The crew went to work. AnyKaat drifted out of their way. Joe told the purser, "Guess you'd better show us where to bed down."
He glanced at her hairsplitter, said, "Yes, ma'am."
— 115 —
The convoy left the Web twice before crossing the Rim, each time so its commanders could pass information, each time far from any anchor point. Turtle was impressed. The Outsiders were more daring than Canon operators, who dreaded leaving the Web away from carefully calculated optimum insystem points. Few Canon-based ships were prepared for extended stays in starspace.
A Godspeaker ship waited at the second pausing place. It relayed the news that Tregesser commandos had uncrossed the planned doublecross in the Hemebuk Neutrality.
They could not make an issue of it. But Turtle was sure they would try to even scores later. He would have to keep them thinking they had not reached his useful limit.
The convoy made a long passage to the nether reaches of the Outsider empire, broke away into the wildest waste space Turtle had ever seen.

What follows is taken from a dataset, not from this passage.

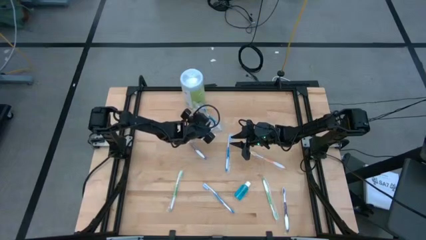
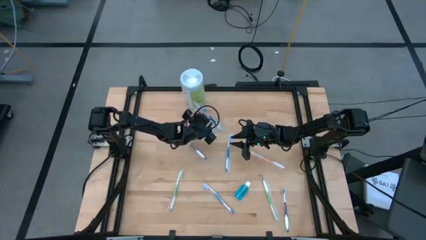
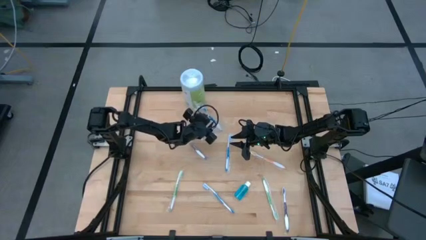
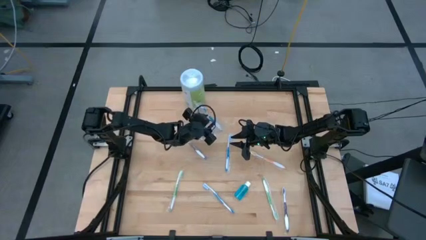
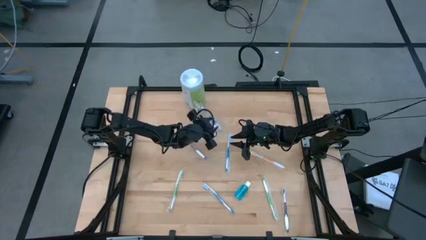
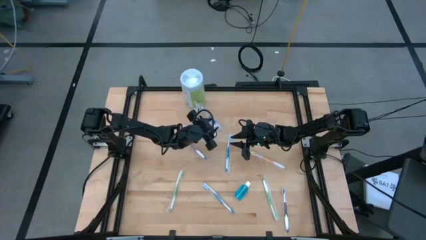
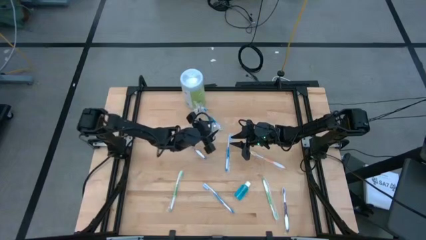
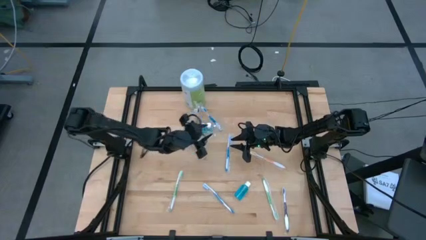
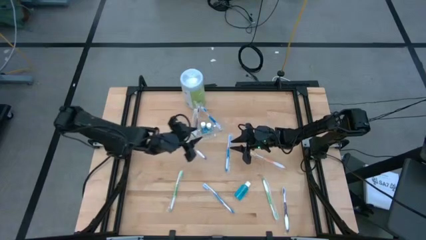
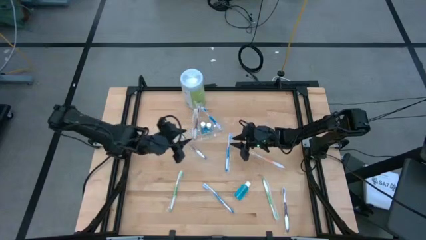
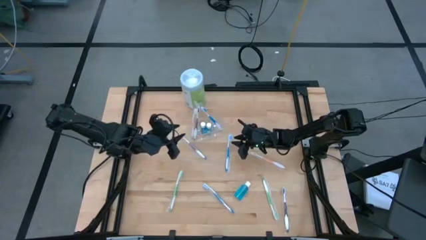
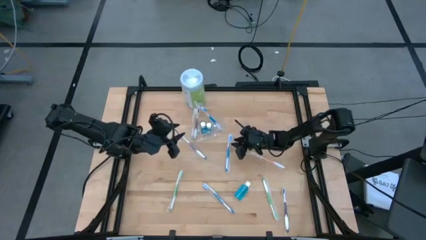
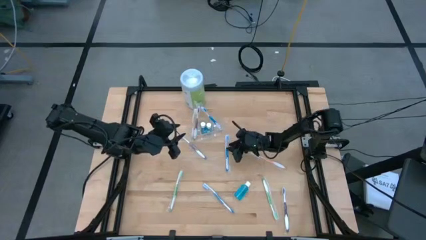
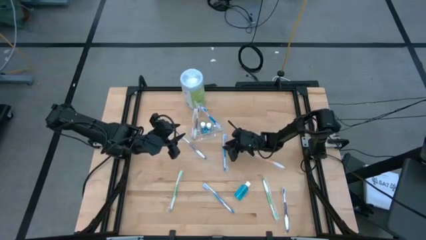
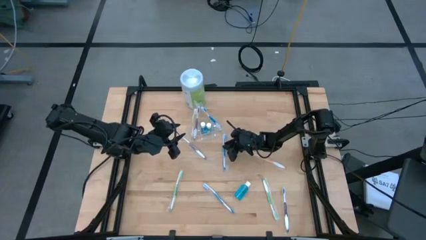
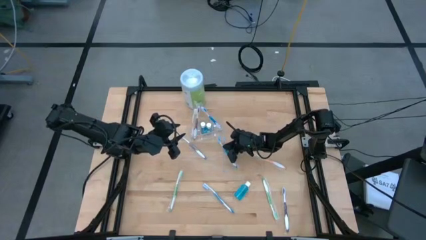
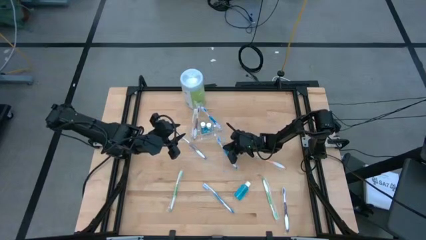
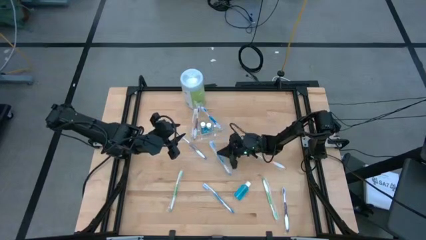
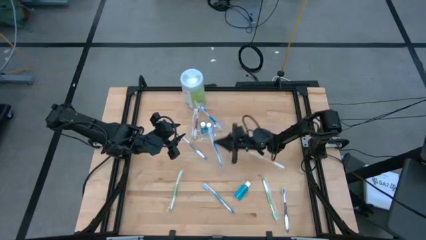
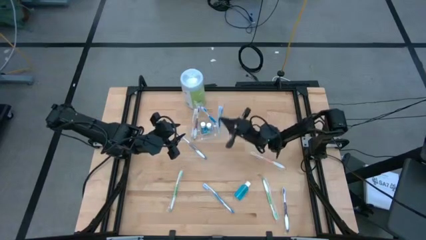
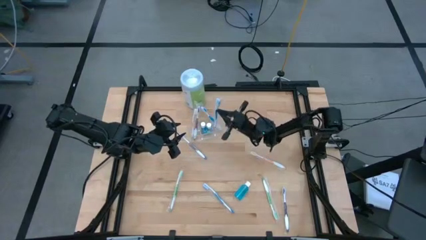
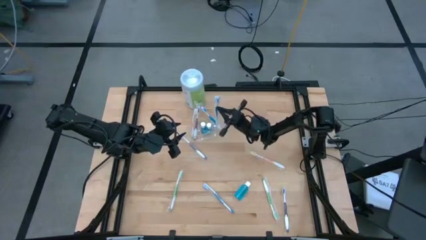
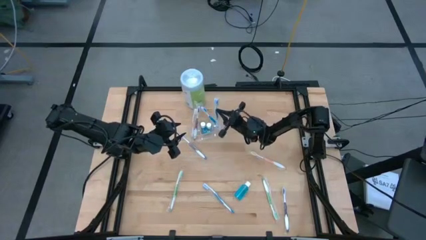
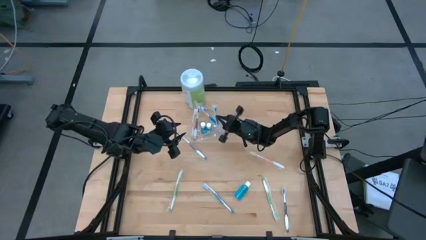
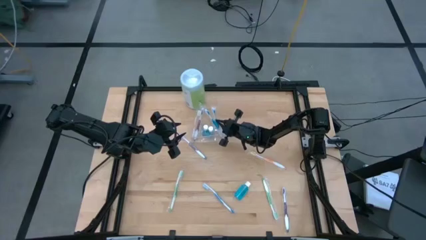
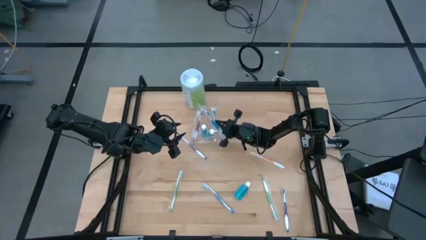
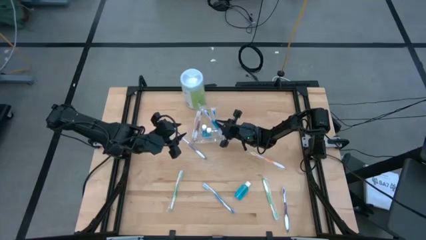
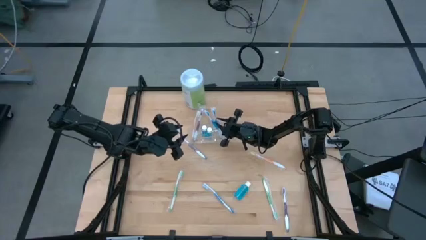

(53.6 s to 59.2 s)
Put the top blue toothbrush into the right side of the transparent organizer

Interstellar gas and dust were so dense the galaxy outside could not be seen. Parts of the cloud were in such rapid motion that its electromagnetic voices formed an endless chorus of screams. Gasses and dust and clouds of cold matter ranging from sand to planetoids were torn this way and that by mad gravitational tides. At the waste's heart was a trinary consisting of a black hole, a neutron star, and a living giant star that was being gutted by each in turn as the three whirled in a rapid orbital dance that distorted the very fabric of space. The cloud was no more than five light years across, yet Turtle could discern another dozen stars or protostars with his naked eye. Their fires lighted the dust, making sprawls of angel hair that braided into a firestorm spanning the entire sky.
Fourteen strands led into the maelstrom. Not a one was anchored.
Provik was intrigued. He thought a study of local conditions would reveal something about the Web, the study of which, for him, was something more than a hobby yet not quite an obsession.
"I tell you, Kez Maefele, if we survive this, I may just retire. The older I get, the less it seems worth the trouble. Shike would love to take over. I could give it to him. Take me a Voyager and go kiting off, trying to figure out what the Web is, why, where it came from, all that." There was real excitement in his eyes.